Recorded data
=== Section Start ===

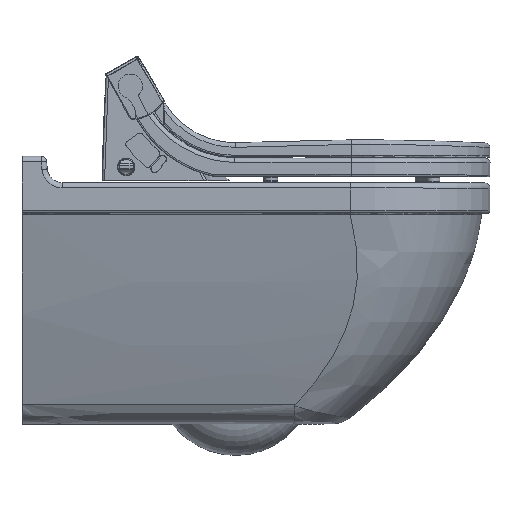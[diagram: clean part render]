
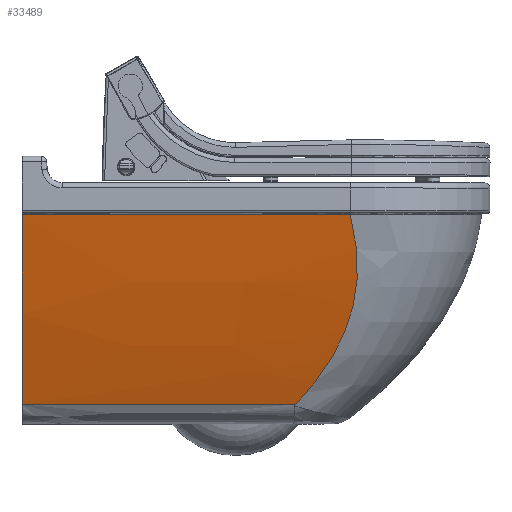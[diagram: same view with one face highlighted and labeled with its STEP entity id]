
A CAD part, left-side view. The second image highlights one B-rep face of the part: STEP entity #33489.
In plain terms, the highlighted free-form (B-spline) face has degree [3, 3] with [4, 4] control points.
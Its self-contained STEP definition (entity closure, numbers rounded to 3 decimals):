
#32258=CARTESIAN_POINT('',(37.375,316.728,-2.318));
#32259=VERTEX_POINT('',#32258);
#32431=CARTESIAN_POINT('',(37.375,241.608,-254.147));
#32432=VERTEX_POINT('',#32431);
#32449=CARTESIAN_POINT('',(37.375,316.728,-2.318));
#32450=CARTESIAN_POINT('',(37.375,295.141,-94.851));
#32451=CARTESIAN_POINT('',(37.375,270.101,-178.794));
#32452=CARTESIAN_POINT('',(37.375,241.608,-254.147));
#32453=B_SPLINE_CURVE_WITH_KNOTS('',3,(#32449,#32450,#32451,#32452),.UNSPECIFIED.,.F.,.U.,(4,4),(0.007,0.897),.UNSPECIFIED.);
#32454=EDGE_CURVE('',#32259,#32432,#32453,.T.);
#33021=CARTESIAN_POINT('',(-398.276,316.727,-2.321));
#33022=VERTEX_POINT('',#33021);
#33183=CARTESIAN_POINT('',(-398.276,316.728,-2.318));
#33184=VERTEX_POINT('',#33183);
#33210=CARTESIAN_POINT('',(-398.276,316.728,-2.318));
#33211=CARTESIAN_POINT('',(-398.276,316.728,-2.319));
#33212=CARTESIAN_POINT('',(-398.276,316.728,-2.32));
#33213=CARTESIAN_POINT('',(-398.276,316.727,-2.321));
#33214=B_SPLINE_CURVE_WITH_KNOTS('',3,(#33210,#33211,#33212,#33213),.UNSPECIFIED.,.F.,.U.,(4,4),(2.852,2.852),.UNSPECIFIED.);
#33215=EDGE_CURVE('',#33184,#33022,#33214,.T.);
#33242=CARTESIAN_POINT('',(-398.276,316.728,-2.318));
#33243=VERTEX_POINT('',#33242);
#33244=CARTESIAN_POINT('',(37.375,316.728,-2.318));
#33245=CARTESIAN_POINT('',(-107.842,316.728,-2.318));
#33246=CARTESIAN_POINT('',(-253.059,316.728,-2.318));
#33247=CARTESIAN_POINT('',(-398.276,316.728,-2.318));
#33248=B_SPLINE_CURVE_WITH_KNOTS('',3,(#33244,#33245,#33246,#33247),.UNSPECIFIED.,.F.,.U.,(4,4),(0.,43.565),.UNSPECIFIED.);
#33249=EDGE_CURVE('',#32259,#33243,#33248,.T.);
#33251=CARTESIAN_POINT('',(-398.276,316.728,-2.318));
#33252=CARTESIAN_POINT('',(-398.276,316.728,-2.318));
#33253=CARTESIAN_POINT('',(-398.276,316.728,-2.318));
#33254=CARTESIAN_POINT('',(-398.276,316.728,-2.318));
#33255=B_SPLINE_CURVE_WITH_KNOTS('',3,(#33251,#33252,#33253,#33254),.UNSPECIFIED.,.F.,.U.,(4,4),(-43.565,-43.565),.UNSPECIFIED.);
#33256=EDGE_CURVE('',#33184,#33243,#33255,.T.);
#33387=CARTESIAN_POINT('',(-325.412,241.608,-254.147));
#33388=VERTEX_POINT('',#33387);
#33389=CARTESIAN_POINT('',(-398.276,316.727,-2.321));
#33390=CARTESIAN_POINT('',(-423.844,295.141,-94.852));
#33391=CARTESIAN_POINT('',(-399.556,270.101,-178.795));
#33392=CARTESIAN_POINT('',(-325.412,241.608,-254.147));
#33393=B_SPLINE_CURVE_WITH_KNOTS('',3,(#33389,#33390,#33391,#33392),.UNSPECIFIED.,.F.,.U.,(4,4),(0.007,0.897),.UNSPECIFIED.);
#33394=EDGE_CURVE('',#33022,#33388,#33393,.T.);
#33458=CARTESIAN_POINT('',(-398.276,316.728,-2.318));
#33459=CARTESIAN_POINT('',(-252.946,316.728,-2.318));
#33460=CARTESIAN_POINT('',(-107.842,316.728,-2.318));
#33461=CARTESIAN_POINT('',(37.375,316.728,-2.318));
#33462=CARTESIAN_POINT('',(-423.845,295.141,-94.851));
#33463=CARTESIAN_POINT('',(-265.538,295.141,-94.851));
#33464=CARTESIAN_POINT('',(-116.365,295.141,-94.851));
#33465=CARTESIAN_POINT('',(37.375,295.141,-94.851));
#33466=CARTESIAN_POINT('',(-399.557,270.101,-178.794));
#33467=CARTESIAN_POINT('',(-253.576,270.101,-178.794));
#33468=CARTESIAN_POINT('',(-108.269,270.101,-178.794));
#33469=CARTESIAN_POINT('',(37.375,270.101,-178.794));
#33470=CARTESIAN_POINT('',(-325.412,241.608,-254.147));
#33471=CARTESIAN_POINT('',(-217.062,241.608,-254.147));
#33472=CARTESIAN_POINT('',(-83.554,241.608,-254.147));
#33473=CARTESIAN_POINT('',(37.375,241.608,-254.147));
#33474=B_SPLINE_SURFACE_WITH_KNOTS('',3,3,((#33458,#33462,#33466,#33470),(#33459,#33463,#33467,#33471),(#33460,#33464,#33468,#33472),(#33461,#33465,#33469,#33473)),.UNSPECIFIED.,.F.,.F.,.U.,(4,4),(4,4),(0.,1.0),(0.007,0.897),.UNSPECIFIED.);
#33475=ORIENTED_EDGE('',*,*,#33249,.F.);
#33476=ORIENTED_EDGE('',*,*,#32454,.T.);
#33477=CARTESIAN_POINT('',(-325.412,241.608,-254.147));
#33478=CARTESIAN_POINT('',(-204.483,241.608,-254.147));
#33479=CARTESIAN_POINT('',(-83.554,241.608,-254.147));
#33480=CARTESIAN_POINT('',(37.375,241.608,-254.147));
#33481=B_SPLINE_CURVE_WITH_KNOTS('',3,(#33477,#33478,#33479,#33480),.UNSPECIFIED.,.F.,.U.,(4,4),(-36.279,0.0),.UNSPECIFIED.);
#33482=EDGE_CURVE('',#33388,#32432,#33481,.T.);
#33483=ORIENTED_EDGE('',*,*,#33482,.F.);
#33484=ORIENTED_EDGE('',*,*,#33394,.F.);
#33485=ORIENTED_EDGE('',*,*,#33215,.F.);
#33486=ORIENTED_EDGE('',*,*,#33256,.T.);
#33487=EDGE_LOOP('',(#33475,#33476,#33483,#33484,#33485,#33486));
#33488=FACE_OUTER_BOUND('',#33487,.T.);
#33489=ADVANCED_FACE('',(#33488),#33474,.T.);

=== Section End ===
=== Section Start ===

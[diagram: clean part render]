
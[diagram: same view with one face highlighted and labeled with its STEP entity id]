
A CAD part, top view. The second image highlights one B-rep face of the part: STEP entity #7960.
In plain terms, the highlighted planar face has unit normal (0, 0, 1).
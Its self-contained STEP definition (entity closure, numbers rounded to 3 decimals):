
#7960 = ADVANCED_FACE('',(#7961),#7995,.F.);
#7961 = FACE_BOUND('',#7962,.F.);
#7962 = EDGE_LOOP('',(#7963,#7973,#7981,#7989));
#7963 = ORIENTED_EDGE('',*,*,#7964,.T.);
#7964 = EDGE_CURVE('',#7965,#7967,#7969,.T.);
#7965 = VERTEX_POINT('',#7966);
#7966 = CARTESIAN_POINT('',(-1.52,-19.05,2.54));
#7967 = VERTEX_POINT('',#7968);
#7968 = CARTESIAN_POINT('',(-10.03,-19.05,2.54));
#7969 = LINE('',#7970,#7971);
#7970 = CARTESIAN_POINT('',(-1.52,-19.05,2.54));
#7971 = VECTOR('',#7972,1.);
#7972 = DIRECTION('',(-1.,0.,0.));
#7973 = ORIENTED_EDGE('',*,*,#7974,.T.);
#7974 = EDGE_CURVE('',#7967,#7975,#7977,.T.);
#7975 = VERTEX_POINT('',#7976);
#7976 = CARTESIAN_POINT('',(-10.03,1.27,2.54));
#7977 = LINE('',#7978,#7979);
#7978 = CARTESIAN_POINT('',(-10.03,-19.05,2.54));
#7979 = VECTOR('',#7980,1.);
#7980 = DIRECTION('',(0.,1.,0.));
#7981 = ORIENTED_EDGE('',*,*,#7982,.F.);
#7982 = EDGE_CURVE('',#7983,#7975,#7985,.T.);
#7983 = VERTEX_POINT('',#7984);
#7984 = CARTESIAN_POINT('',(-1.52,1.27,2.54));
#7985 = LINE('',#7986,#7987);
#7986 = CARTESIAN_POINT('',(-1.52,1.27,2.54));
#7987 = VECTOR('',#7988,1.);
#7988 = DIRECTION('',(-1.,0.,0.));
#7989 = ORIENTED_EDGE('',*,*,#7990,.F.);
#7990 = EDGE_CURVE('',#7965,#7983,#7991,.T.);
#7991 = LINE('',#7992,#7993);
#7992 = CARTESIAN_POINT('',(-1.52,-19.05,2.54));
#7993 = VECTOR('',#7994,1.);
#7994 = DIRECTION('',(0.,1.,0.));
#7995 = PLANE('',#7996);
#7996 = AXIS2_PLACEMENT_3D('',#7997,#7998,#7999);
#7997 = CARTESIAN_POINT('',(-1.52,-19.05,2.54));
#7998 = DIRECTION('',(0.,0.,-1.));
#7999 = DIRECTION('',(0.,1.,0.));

=== Section End ===
=== Section Start ===

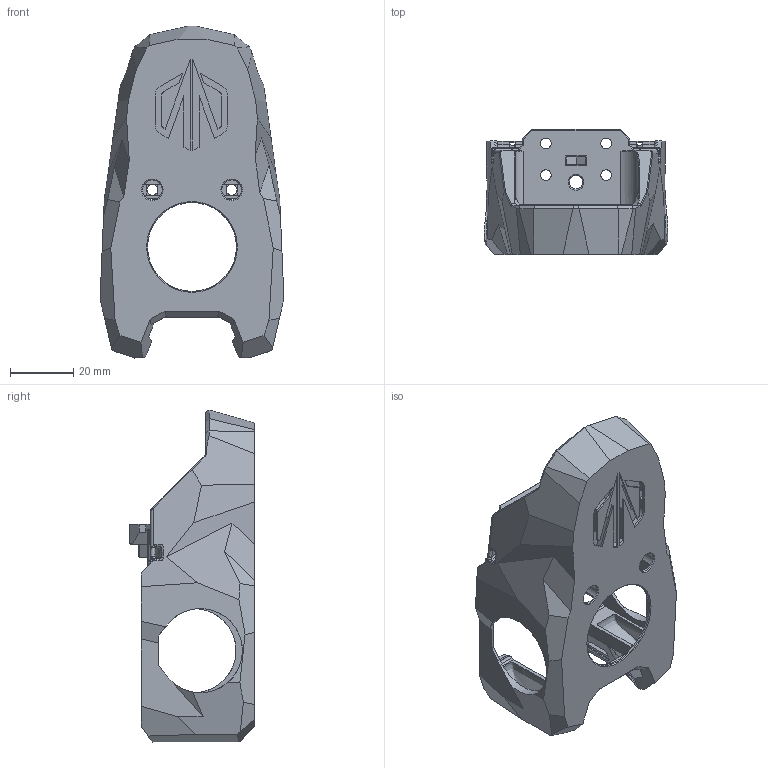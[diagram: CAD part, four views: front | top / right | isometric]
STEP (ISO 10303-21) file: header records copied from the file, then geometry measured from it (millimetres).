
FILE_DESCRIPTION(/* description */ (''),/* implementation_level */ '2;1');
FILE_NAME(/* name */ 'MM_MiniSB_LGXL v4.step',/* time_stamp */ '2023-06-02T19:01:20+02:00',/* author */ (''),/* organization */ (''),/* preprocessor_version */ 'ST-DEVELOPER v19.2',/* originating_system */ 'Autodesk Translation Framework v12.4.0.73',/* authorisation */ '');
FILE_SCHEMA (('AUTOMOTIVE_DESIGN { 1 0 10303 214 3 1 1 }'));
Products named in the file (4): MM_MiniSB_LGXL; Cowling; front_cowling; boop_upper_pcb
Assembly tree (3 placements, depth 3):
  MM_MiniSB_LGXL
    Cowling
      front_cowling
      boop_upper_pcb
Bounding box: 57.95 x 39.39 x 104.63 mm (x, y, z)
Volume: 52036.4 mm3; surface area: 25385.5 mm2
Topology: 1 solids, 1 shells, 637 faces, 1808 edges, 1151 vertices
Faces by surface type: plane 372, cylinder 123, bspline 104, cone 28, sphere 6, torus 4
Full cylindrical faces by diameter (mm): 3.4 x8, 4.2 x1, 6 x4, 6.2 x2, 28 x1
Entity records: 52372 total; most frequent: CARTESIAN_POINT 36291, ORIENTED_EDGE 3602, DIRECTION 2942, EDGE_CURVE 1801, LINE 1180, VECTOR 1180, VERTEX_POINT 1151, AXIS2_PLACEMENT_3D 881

=== Section End ===

## [Exercise aim]
Among the entries above, the line containing "#7993 = VECTOR('',#7994,1.);", the line containing "#7999 = DIRECTION('',(0.,1.,0.));", and all lines between them are to be restated word for word; nothing else belongs in the reply.

## [Task response]
#7993 = VECTOR('',#7994,1.);
#7994 = DIRECTION('',(0.,1.,0.));
#7995 = PLANE('',#7996);
#7996 = AXIS2_PLACEMENT_3D('',#7997,#7998,#7999);
#7997 = CARTESIAN_POINT('',(-1.52,-19.05,2.54));
#7998 = DIRECTION('',(0.,0.,-1.));
#7999 = DIRECTION('',(0.,1.,0.));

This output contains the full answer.